- [RECORD EXCERPTS]:
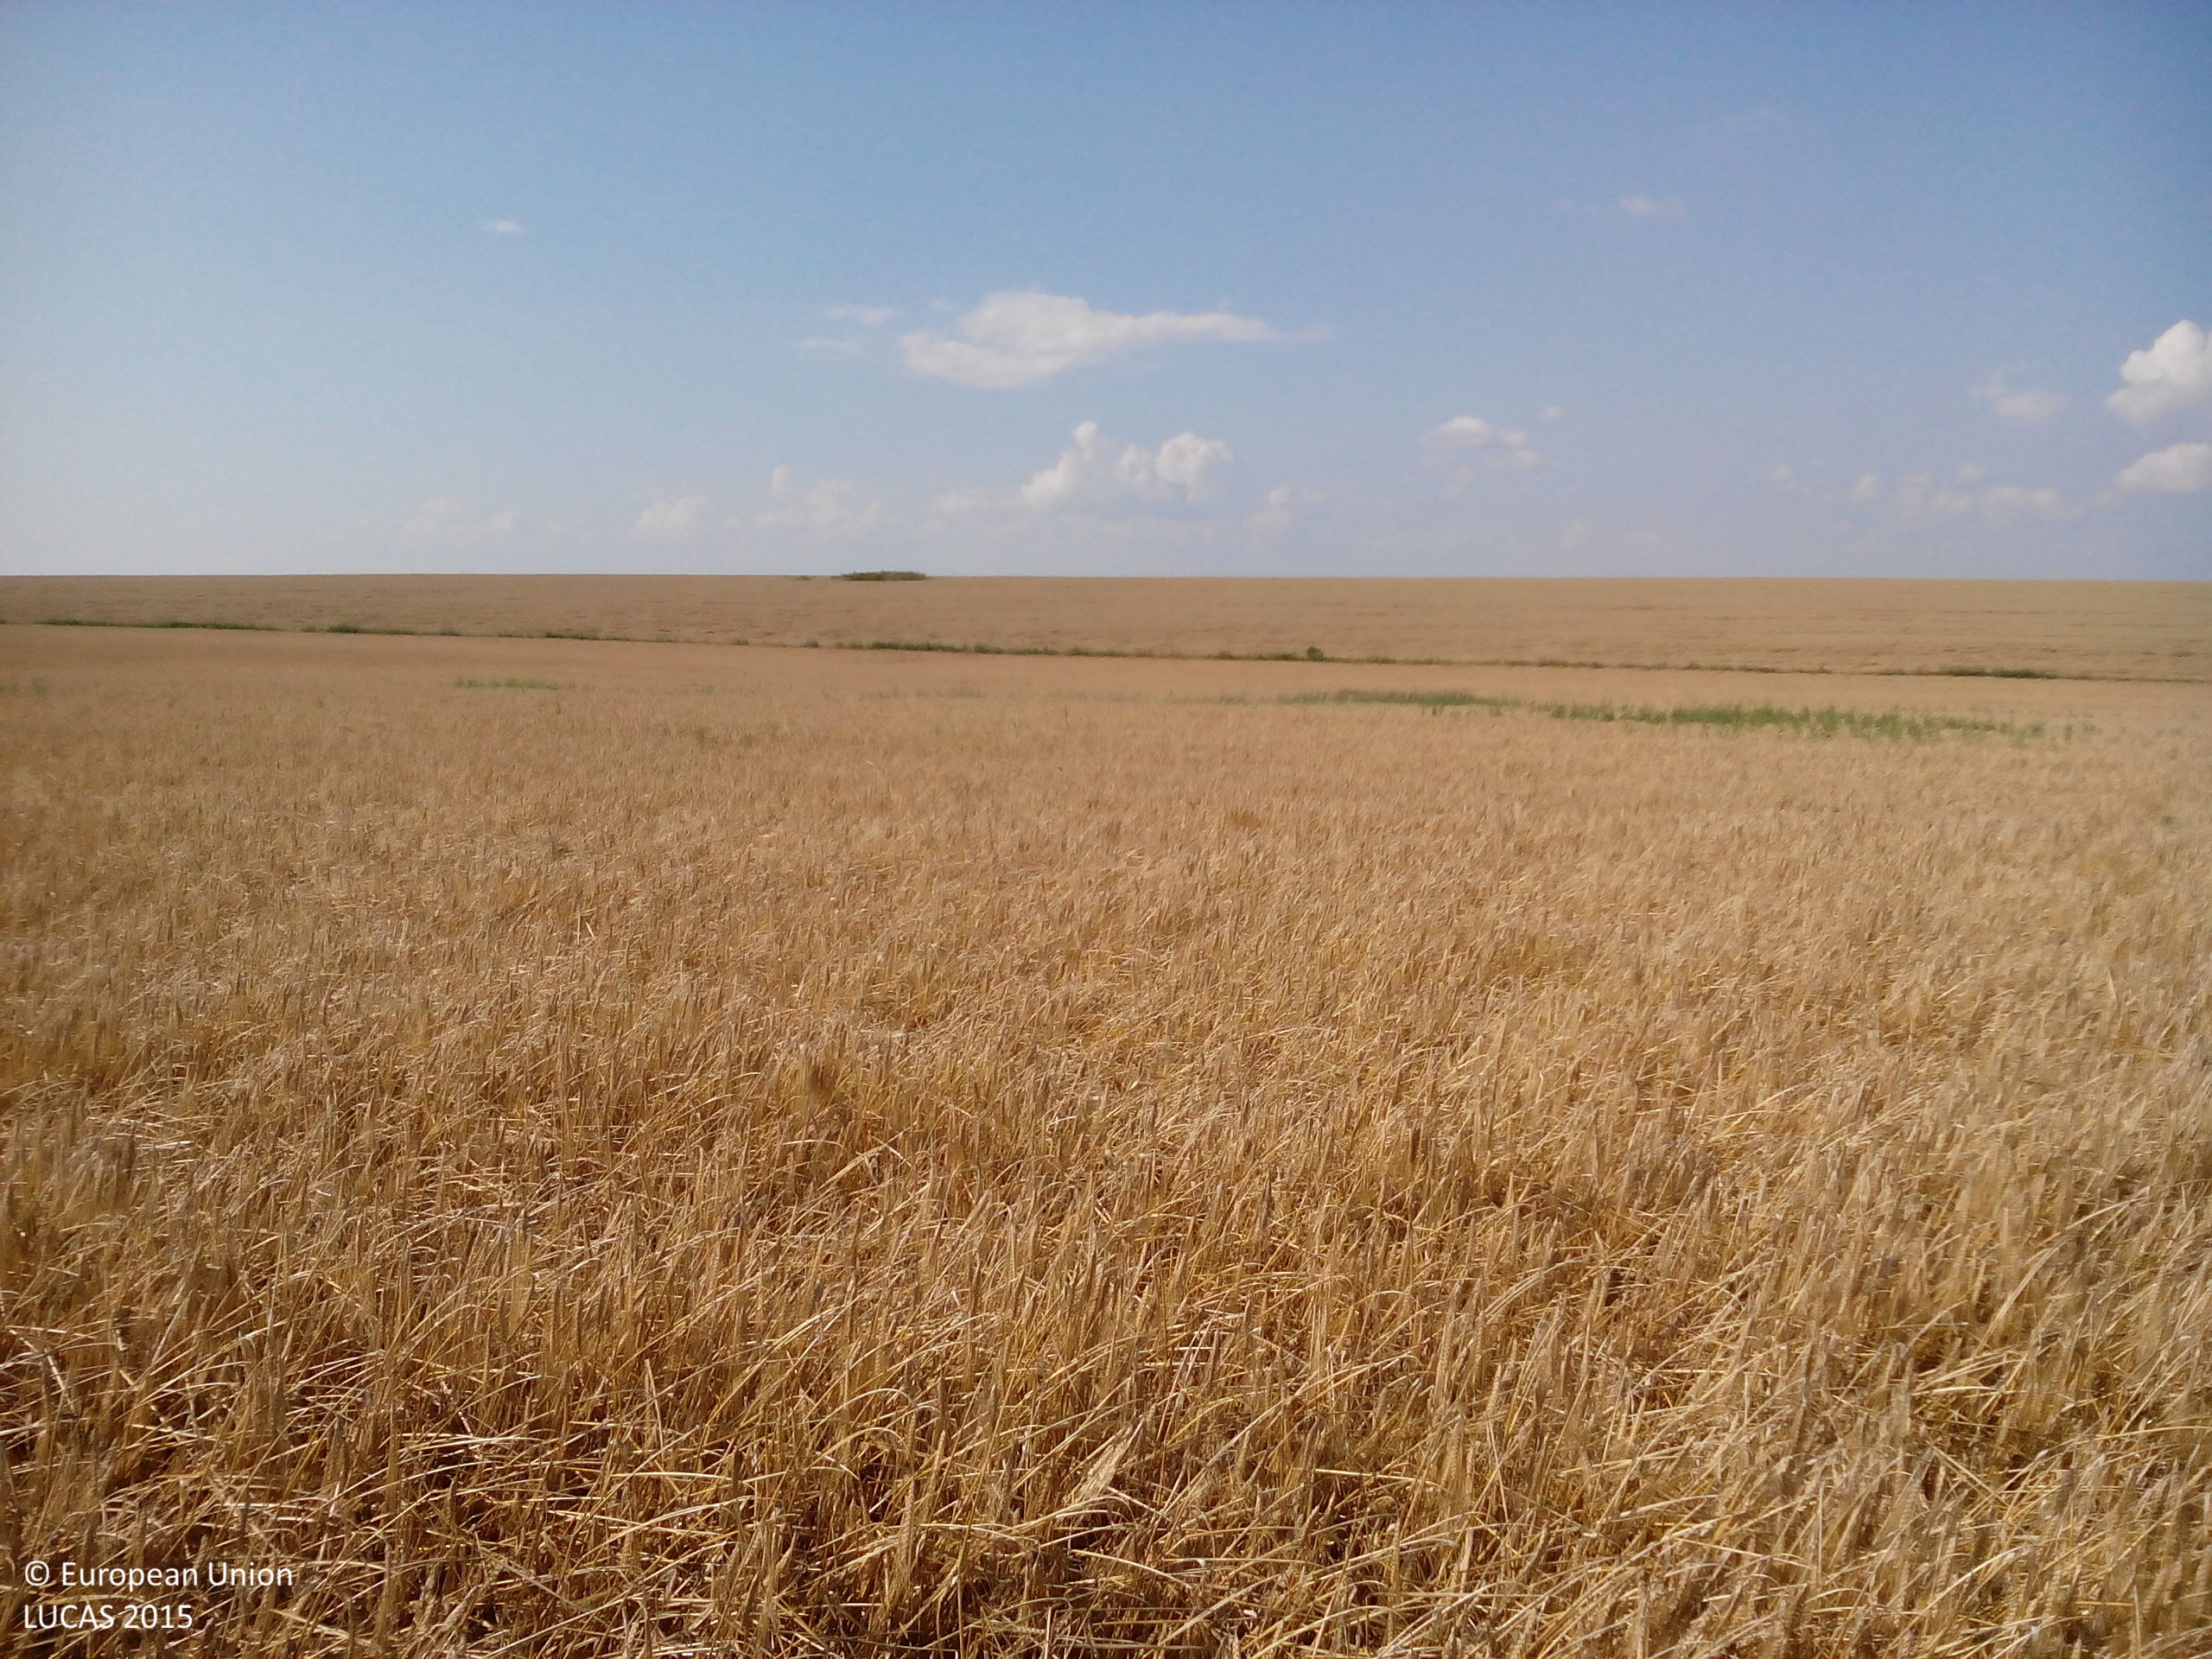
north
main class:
* * *
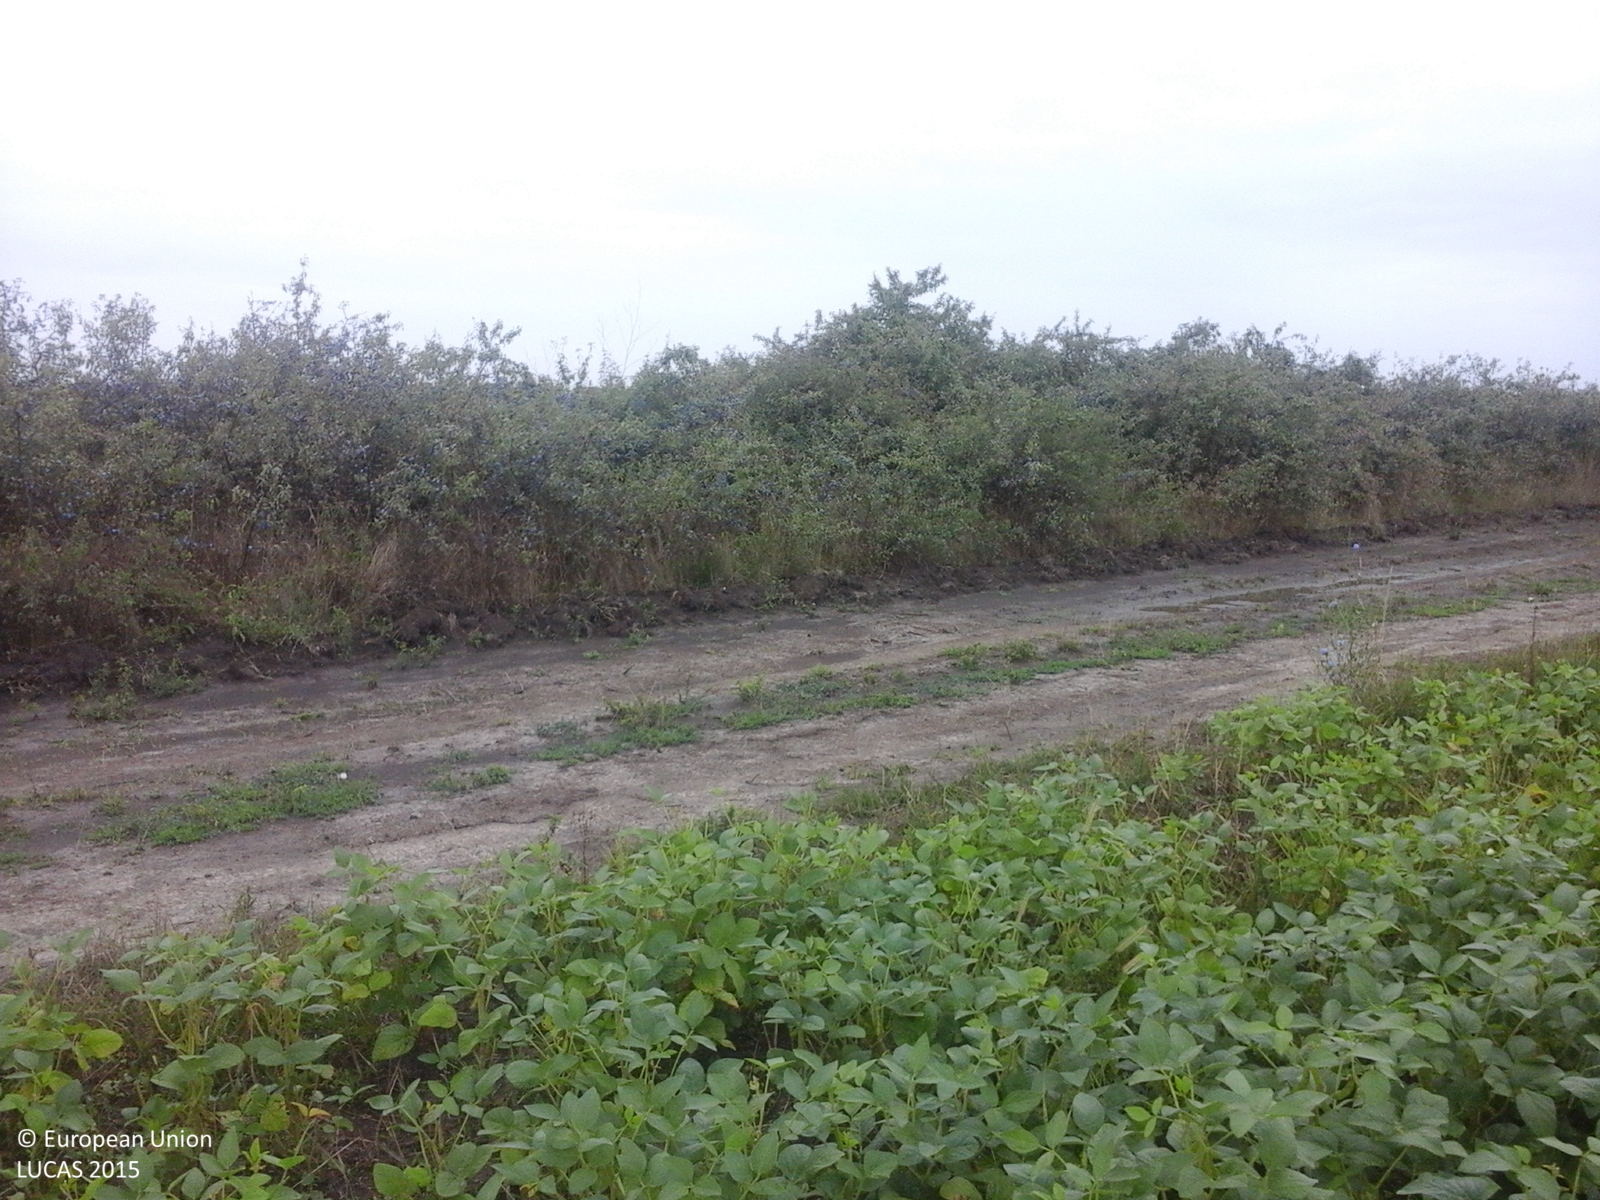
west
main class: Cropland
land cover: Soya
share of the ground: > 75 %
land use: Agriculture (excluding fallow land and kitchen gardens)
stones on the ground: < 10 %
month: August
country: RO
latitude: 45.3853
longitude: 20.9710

- [WHAT IS REQUIRED]: Could you write out, exactly as they stand, only the lines above that begin at the line with "stones on the ground: < 10 %" and stop after the line with "longitude: 20.9710"?

- [ANSWER AREA]:
stones on the ground: < 10 %
month: August
country: RO
latitude: 45.3853
longitude: 20.9710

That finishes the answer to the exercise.